WORK REQUIRED:
Your answer must be an exact copy of the records, minus any pictures.

DATA EXCERPTS:

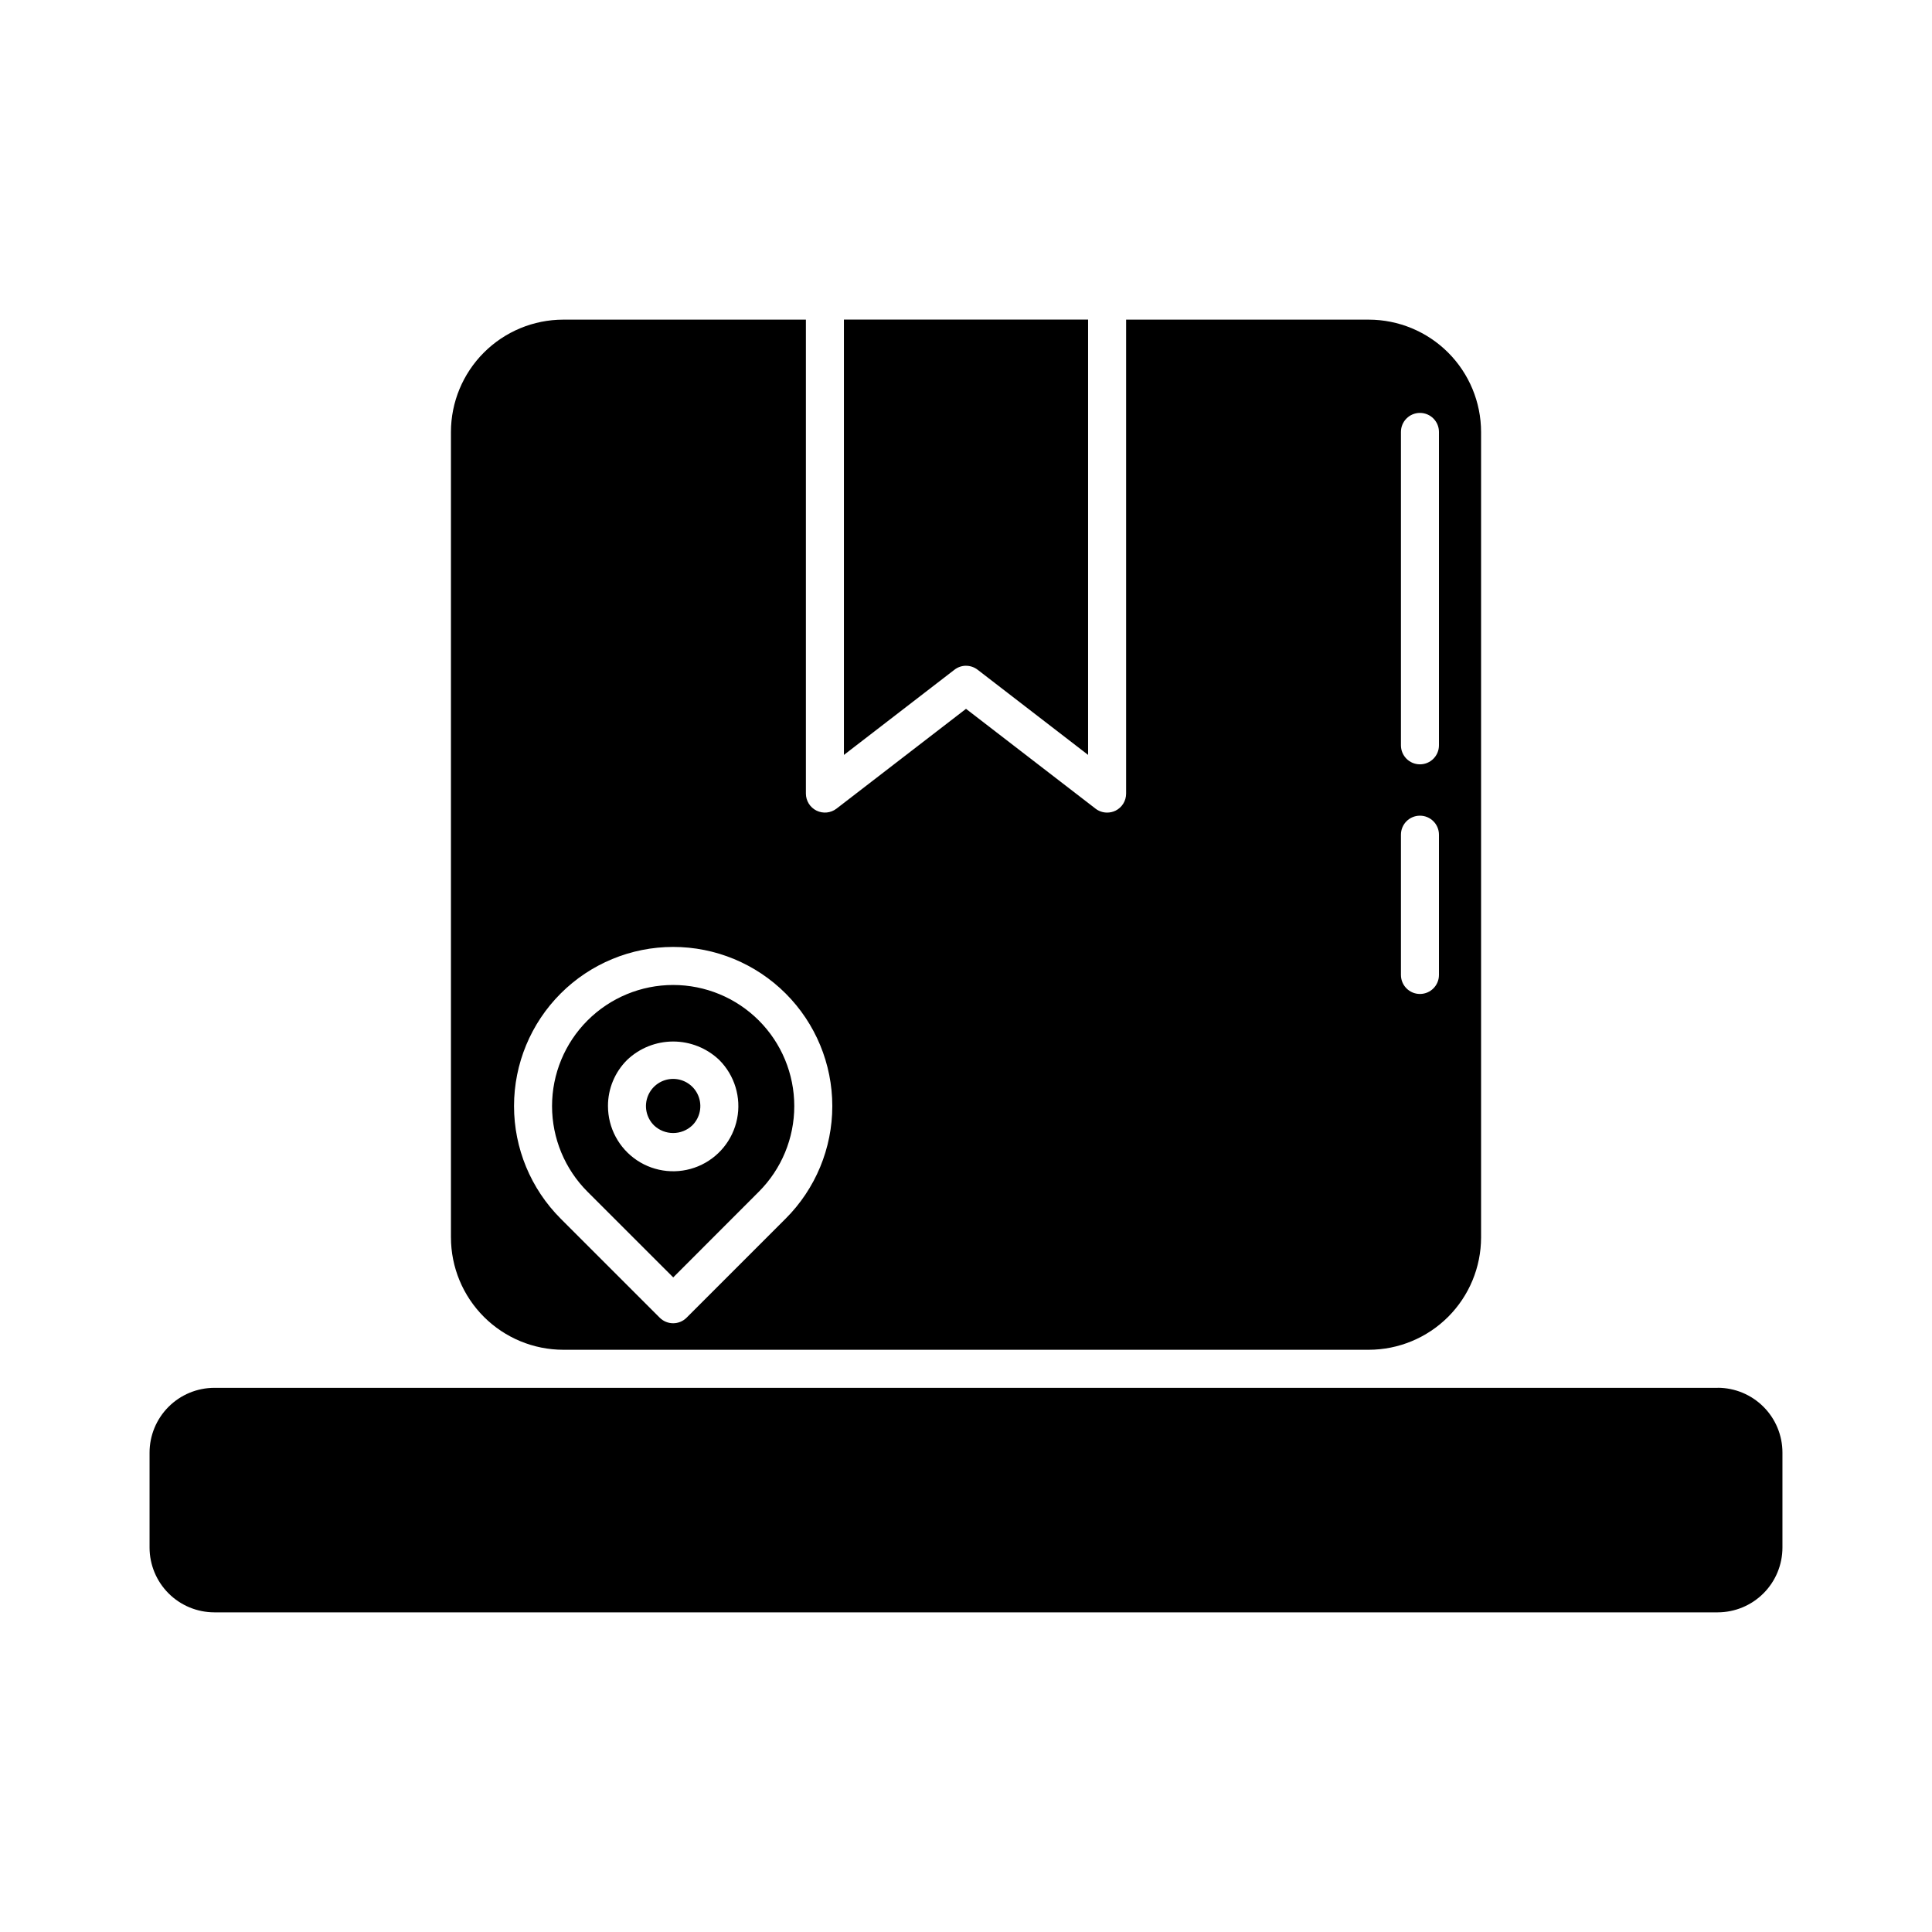 <?xml version="1.0" encoding="UTF-8"?>
<!-- Uploaded to: ICON Repo, www.iconrepo.com, Generator: ICON Repo Mixer Tools -->
<svg fill="#000000" width="800px" height="800px" version="1.1" viewBox="144 144 512 512" xmlns="http://www.w3.org/2000/svg">
 <path d="m317.3 442.22c-2.062-2.059-2.68-5.16-1.566-7.852 1.117-2.695 3.742-4.449 6.66-4.449 2.914 0 5.539 1.754 6.656 4.449 1.113 2.691 0.496 5.793-1.566 7.852-2.848 2.723-7.332 2.723-10.184 0zm-17.602 17.602c-6.019-6.019-9.402-14.184-9.402-22.695 0-8.512 3.383-16.676 9.402-22.695 6.019-6.019 14.184-9.402 22.695-9.402 8.516 0 16.68 3.383 22.699 9.402 6.019 6.019 9.398 14.184 9.398 22.695 0 8.512-3.379 16.676-9.398 22.695l-22.68 22.703zm5.422-22.695c0 5.769 2.883 11.156 7.68 14.363 4.797 3.203 10.875 3.801 16.207 1.594 5.328-2.207 9.207-6.93 10.332-12.59 1.125-5.656-0.648-11.504-4.727-15.586-3.293-3.141-7.668-4.894-12.219-4.894s-8.926 1.754-12.215 4.894c-3.25 3.234-5.074 7.633-5.059 12.219zm94.883-116.69c1.109 0 2.191 0.371 3.07 1.047l29.281 22.57v-115.36h-64.707v115.37l29.281-22.57c0.879-0.684 1.957-1.059 3.074-1.062zm-136.5 151.5v-213.46c0.008-7.891 3.148-15.457 8.727-21.039 5.582-5.582 13.148-8.723 21.039-8.73h64.301v125.6c0.004 1.918 1.094 3.668 2.816 4.516 1.723 0.848 3.773 0.645 5.297-0.527l34.32-26.449 34.32 26.449h-0.004c0.883 0.68 1.961 1.047 3.074 1.047 0.77 0.004 1.531-0.168 2.227-0.504 1.727-0.848 2.816-2.609 2.812-4.531v-125.6h64.301c7.891 0.008 15.457 3.148 21.039 8.73 5.578 5.582 8.719 13.148 8.727 21.039v213.46c-0.008 7.891-3.148 15.457-8.727 21.039-5.582 5.578-13.148 8.719-21.039 8.727h-213.46c-7.891-0.008-15.457-3.148-21.039-8.727-5.578-5.582-8.719-13.148-8.727-21.039zm251.76-130.42c0 2.785 2.254 5.039 5.035 5.039 2.785 0 5.039-2.254 5.039-5.039v-83.051c0-2.781-2.254-5.039-5.039-5.039-2.781 0-5.035 2.258-5.035 5.039zm0 60.855c0 2.785 2.254 5.039 5.035 5.039 2.785 0 5.039-2.254 5.039-5.039v-37.168c0-2.785-2.254-5.039-5.039-5.039-2.781 0-5.035 2.254-5.035 5.039zm-222.69 64.578 26.258 26.25c1.969 1.969 5.156 1.969 7.125 0l26.258-26.258c7.91-7.91 12.355-18.637 12.355-29.82 0-11.188-4.445-21.914-12.352-29.824-7.91-7.91-18.637-12.352-29.824-12.352-11.184 0-21.91 4.441-29.82 12.352-7.91 7.91-12.352 18.637-12.352 29.824 0 11.184 4.441 21.91 12.352 29.82zm306.63 44.84h-398.41c-4.551 0.008-8.914 1.816-12.129 5.035-3.219 3.219-5.027 7.582-5.031 12.129v25.191c0.012 4.547 1.82 8.902 5.039 12.117 3.215 3.215 7.574 5.019 12.121 5.027h398.41c4.551-0.008 8.914-1.816 12.129-5.035 3.219-3.219 5.027-7.578 5.031-12.129v-25.191c-0.004-4.547-1.812-8.91-5.031-12.125-3.215-3.219-7.578-5.027-12.129-5.035z"/>
</svg>

SOLUTION TO THIS PROBLEM:
 <?xml version="1.0" encoding="UTF-8"?>
<!-- Uploaded to: ICON Repo, www.iconrepo.com, Generator: ICON Repo Mixer Tools -->
<svg fill="#000000" width="800px" height="800px" version="1.1" viewBox="144 144 512 512" xmlns="http://www.w3.org/2000/svg">
 <path d="m317.3 442.22c-2.062-2.059-2.68-5.16-1.566-7.852 1.117-2.695 3.742-4.449 6.66-4.449 2.914 0 5.539 1.754 6.656 4.449 1.113 2.691 0.496 5.793-1.566 7.852-2.848 2.723-7.332 2.723-10.184 0zm-17.602 17.602c-6.019-6.019-9.402-14.184-9.402-22.695 0-8.512 3.383-16.676 9.402-22.695 6.019-6.019 14.184-9.402 22.695-9.402 8.516 0 16.68 3.383 22.699 9.402 6.019 6.019 9.398 14.184 9.398 22.695 0 8.512-3.379 16.676-9.398 22.695l-22.68 22.703zm5.422-22.695c0 5.769 2.883 11.156 7.68 14.363 4.797 3.203 10.875 3.801 16.207 1.594 5.328-2.207 9.207-6.93 10.332-12.59 1.125-5.656-0.648-11.504-4.727-15.586-3.293-3.141-7.668-4.894-12.219-4.894s-8.926 1.754-12.215 4.894c-3.25 3.234-5.074 7.633-5.059 12.219zm94.883-116.69c1.109 0 2.191 0.371 3.07 1.047l29.281 22.57v-115.36h-64.707v115.37l29.281-22.57c0.879-0.684 1.957-1.059 3.074-1.062zm-136.5 151.5v-213.46c0.008-7.891 3.148-15.457 8.727-21.039 5.582-5.582 13.148-8.723 21.039-8.73h64.301v125.6c0.004 1.918 1.094 3.668 2.816 4.516 1.723 0.848 3.773 0.645 5.297-0.527l34.32-26.449 34.32 26.449h-0.004c0.883 0.68 1.961 1.047 3.074 1.047 0.77 0.004 1.531-0.168 2.227-0.504 1.727-0.848 2.816-2.609 2.812-4.531v-125.6h64.301c7.891 0.008 15.457 3.148 21.039 8.73 5.578 5.582 8.719 13.148 8.727 21.039v213.46c-0.008 7.891-3.148 15.457-8.727 21.039-5.582 5.578-13.148 8.719-21.039 8.727h-213.46c-7.891-0.008-15.457-3.148-21.039-8.727-5.578-5.582-8.719-13.148-8.727-21.039zm251.76-130.42c0 2.785 2.254 5.039 5.035 5.039 2.785 0 5.039-2.254 5.039-5.039v-83.051c0-2.781-2.254-5.039-5.039-5.039-2.781 0-5.035 2.258-5.035 5.039zm0 60.855c0 2.785 2.254 5.039 5.035 5.039 2.785 0 5.039-2.254 5.039-5.039v-37.168c0-2.785-2.254-5.039-5.039-5.039-2.781 0-5.035 2.254-5.035 5.039zm-222.69 64.578 26.258 26.25c1.969 1.969 5.156 1.969 7.125 0l26.258-26.258c7.91-7.91 12.355-18.637 12.355-29.82 0-11.188-4.445-21.914-12.352-29.824-7.91-7.91-18.637-12.352-29.824-12.352-11.184 0-21.91 4.441-29.82 12.352-7.91 7.91-12.352 18.637-12.352 29.824 0 11.184 4.441 21.91 12.352 29.82zm306.63 44.84h-398.41c-4.551 0.008-8.914 1.816-12.129 5.035-3.219 3.219-5.027 7.582-5.031 12.129v25.191c0.012 4.547 1.82 8.902 5.039 12.117 3.215 3.215 7.574 5.019 12.121 5.027h398.41c4.551-0.008 8.914-1.816 12.129-5.035 3.219-3.219 5.027-7.578 5.031-12.129v-25.191c-0.004-4.547-1.812-8.91-5.031-12.125-3.215-3.219-7.578-5.027-12.129-5.035z"/>
</svg>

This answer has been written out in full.